On Windows Xp I used Notepad to test file name boundaries with a default 3-character extension. Of course the minimum -1 value is an empty string, and minimum and minimum +1 is saving a file with a 1-character and 2-character file name respectively. Next I entered a base file name of 250-characters (maximum -1) and 251-characters (maximum allowed assuming a default 3-character extension) and these file names were saved to the system with the default extension. Then I entered a 252-character file name and I got the expected error message indicating the file name is too long. But, what about my boundary of 255 characters maximum. (IMPORTANT – boundary values are not just at the edges of the extreme ranges of values, but there could be sub or supra boundary values within a range of values that may occur at the edges of equivalent class ranges, or specific values in special or unique equivalence class subsets.) So, I wondered what would happen if I entered just a base file name of 255 characters (which is the maximum length of a file name assuming an extension is also part of that file name)? Interestingly enough, on Windows Xp the operating system saved a file with 255-characters, but it did not have any extension which means that there was no application associated with the file. The same occurred with a 254-character base file name, and when I tried the maximum +1 of the overall complete file name range I was again presented with the same message I got with a 252 character base file name indicating the file name was too long.

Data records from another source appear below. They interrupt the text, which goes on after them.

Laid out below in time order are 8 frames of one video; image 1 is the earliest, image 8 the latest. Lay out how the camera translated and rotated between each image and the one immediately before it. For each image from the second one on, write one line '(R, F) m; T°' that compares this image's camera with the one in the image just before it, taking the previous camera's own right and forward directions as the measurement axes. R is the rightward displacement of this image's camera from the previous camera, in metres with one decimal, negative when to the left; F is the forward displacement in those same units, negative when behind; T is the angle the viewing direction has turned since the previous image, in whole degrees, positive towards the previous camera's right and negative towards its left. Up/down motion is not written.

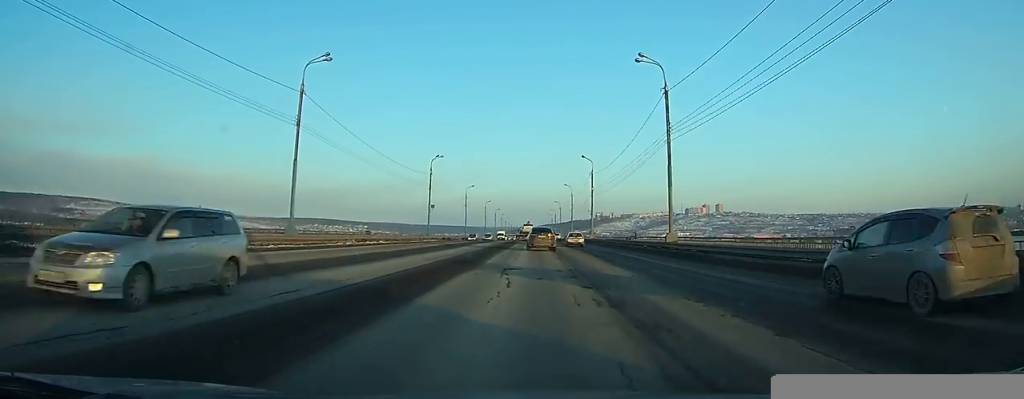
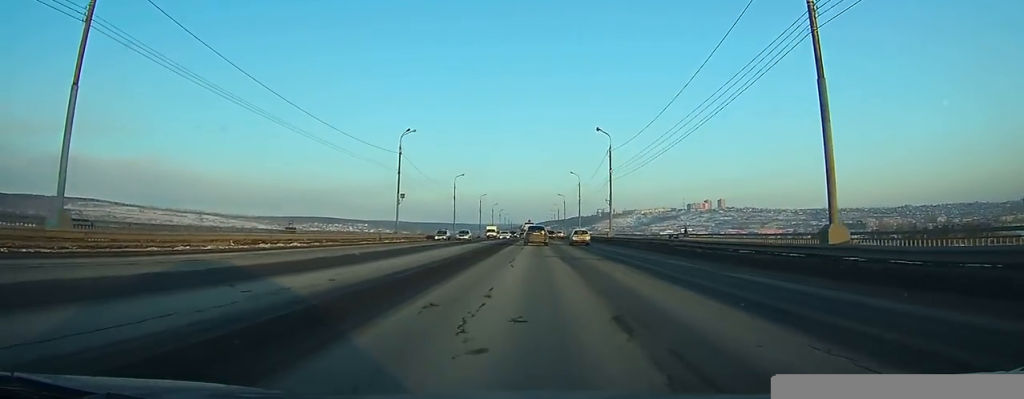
(0.0, +20.2) m; 0°
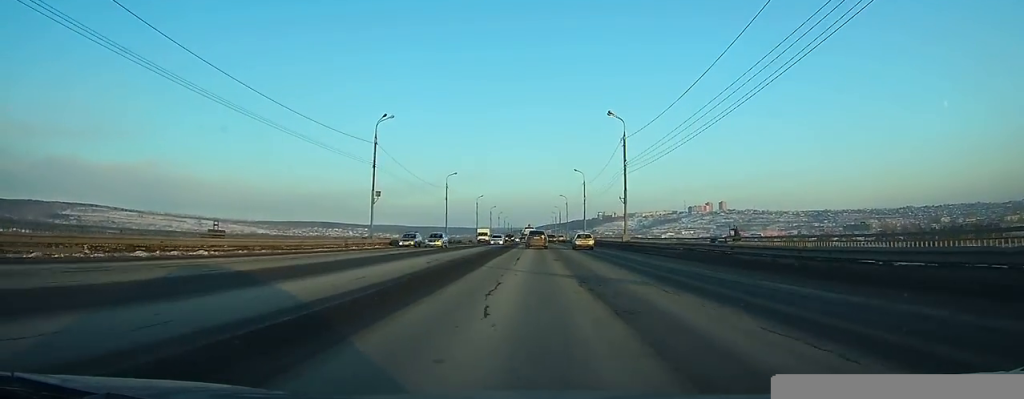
(0.0, +10.5) m; 0°
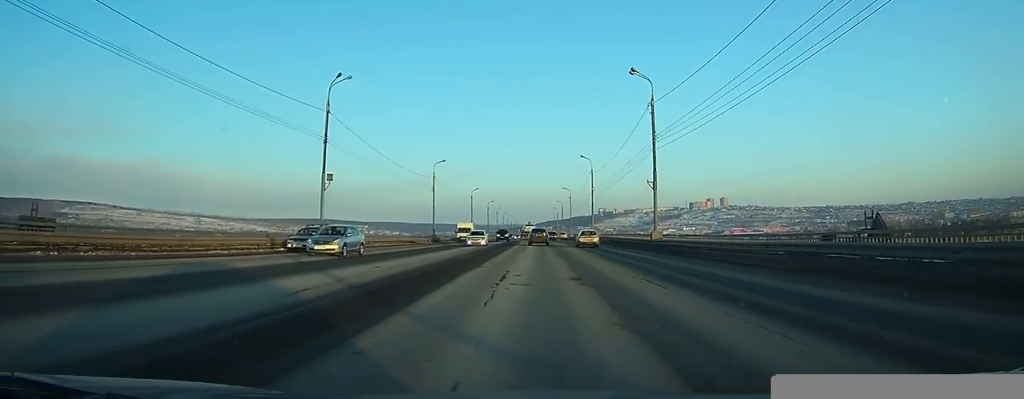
(0.0, +13.5) m; 0°
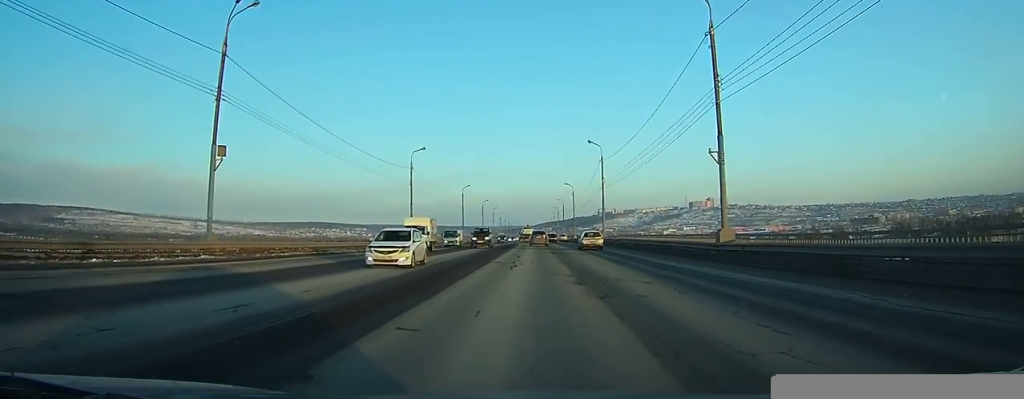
(0.0, +15.4) m; 0°
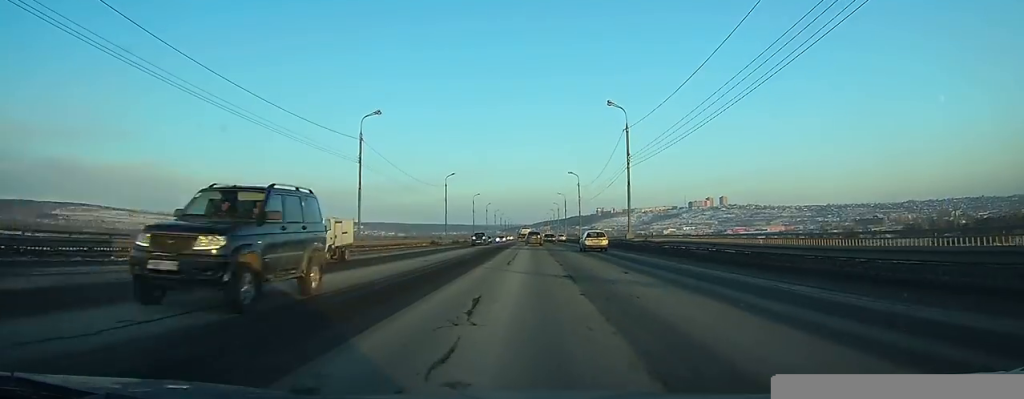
(0.0, +21.5) m; 0°
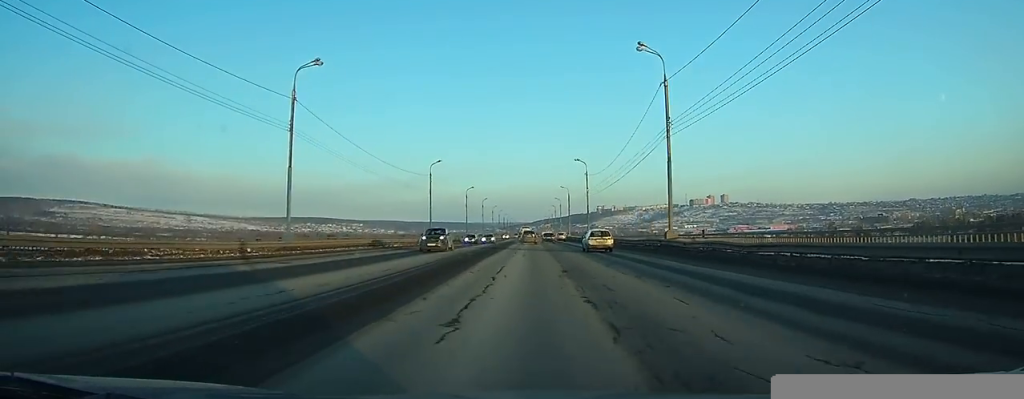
(0.0, +15.7) m; 0°
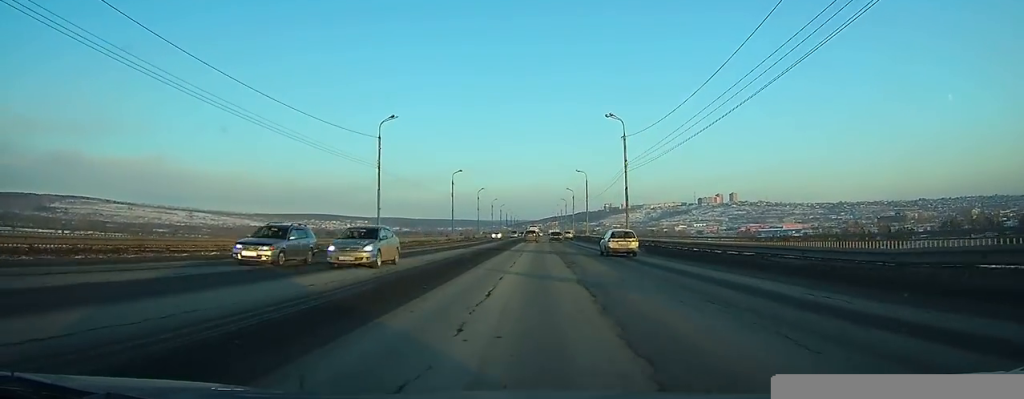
(0.0, +32.5) m; 0°

Fortunately, the above issue was fixed in Windows Vista. But, as sometimes occurs in complex systems one fix occasionally leads to a different (but related)issue in the same functional area which is why regression testing is typically an effective testing strategy. So, when I ran my ‘regression tests’ on Windows Vista I quickly discovered the system would not save a file with only a base file name of any number of characters greater than 252-characters via Notepad. But, as I ran the specific boundary tests I realized something very important! When I entered a base file name of 252-characters I received the following error message.
And when I attempted the test with a base file name composed of any number of characters greater than 252 I received the following error message.

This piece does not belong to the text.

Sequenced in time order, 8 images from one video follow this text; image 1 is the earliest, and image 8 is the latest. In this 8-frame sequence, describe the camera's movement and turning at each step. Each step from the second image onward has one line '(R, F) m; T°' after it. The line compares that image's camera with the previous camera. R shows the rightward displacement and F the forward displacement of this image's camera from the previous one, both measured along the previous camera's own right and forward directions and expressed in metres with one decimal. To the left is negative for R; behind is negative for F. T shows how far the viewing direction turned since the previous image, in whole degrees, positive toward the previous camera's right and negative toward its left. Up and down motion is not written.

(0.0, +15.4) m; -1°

Now, those of you who are paying attention realize these 2 messages are different. Of course, in either case a file is not saved to the system which is what I expect; however, there is a strange anomaly here. Although one might notice the first message prepends the drive letter to the string of 252 characters, and the second message does not. But, the important question doesn’t really have anything to do with the message text per se, in this case the professional tester tester should ask, “why is there an apparent conditional branch in the code that shunts control flow one way for a base file name of 252 characters and a different path for a base file name greater than 252 characters?”
Of course, if we just guessed, or tested ‘a really large string of characters, we might have never exposed this anomaly which occurs only at the maximum + 1 length of a base file name (assuming a default 3 character extension). Interestingly enough, if a highly skilled, technically savvy tester had designed white box tests for decision testing or path analysis then I suspect he or she could have very easily found this anomaly with even greater efficiency and exposed it earlier in the cycle.
The point here is that boundary testing is simply not random guessing, wild speculation, or simple parlor tricks. The technique of boundary value analysis requires in-depth knowledge of what the system is doing behind the user interface, and careful analysis of system and data to accurately determine the specific boundary conditions and a rigorous analysis of linear values immediately above and below each identified specific boundary value. Testers must be able to properly identify the specific and interesting boundary values based on in-depth knowledge of the system, an understanding of what is happening beneath the user interface, and experience. Then we can perform a more systematic analysis of any identified boundary conditions and potentially increase our probability of identifying real anomalies caused by this specific fault model. Boundary value analysis is a prime example of where good enough is simply not good enough in our discipline…we must be technically spot on!